**YOUR GOAL:** Check the records below for the word "italic" and state how many lines contain it, replying with the number only.

**DATA FOR ANALYSIS:**
○ ○ ○

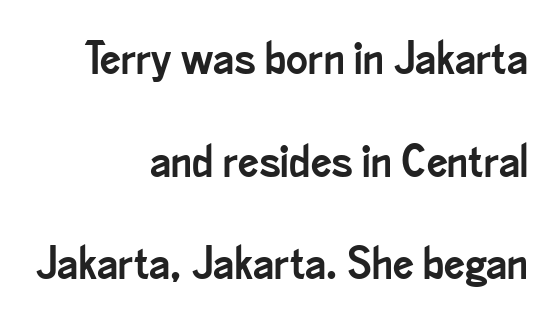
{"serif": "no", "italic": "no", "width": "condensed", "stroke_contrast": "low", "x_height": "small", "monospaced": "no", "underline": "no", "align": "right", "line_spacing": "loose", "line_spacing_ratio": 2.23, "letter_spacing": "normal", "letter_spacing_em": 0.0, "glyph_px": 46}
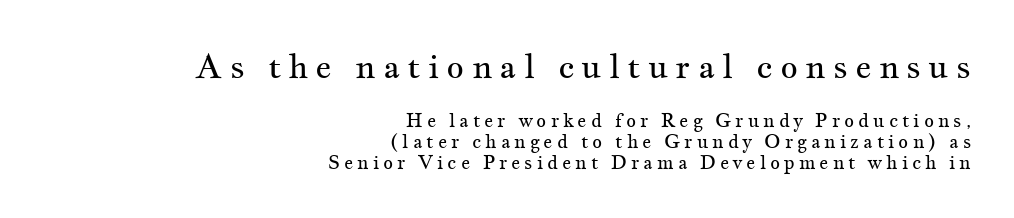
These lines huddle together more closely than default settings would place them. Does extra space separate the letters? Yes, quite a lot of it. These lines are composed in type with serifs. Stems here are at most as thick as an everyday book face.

○ ○ ○

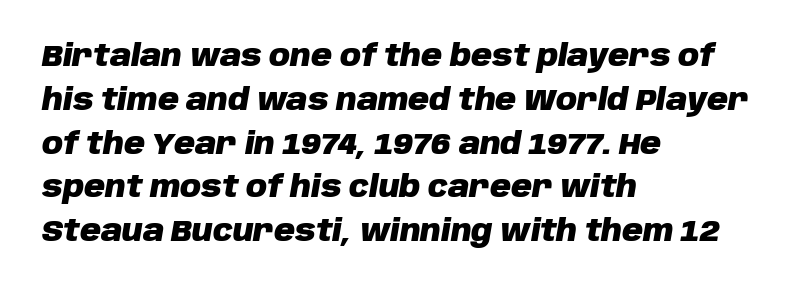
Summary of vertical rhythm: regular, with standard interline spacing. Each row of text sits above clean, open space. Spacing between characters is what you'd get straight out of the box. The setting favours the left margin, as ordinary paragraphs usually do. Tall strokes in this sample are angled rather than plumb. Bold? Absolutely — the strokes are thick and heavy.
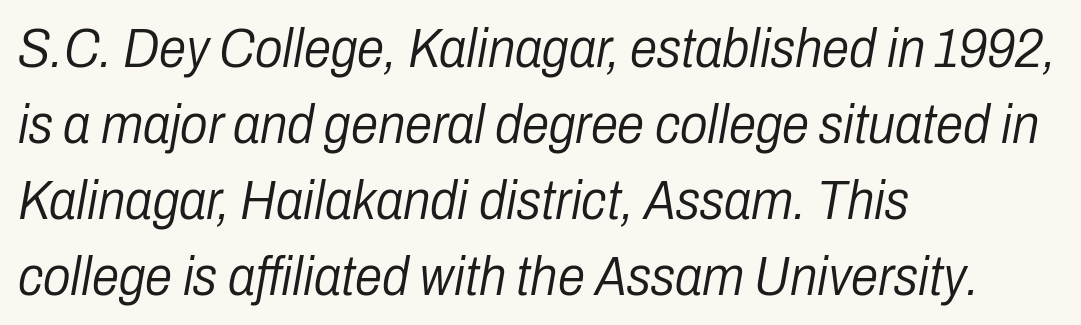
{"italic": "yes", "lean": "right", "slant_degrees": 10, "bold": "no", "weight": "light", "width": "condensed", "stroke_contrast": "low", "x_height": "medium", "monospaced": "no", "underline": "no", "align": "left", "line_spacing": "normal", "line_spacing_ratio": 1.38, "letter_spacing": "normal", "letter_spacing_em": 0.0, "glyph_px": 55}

○ ○ ○

**ANSWER SECTION:** 2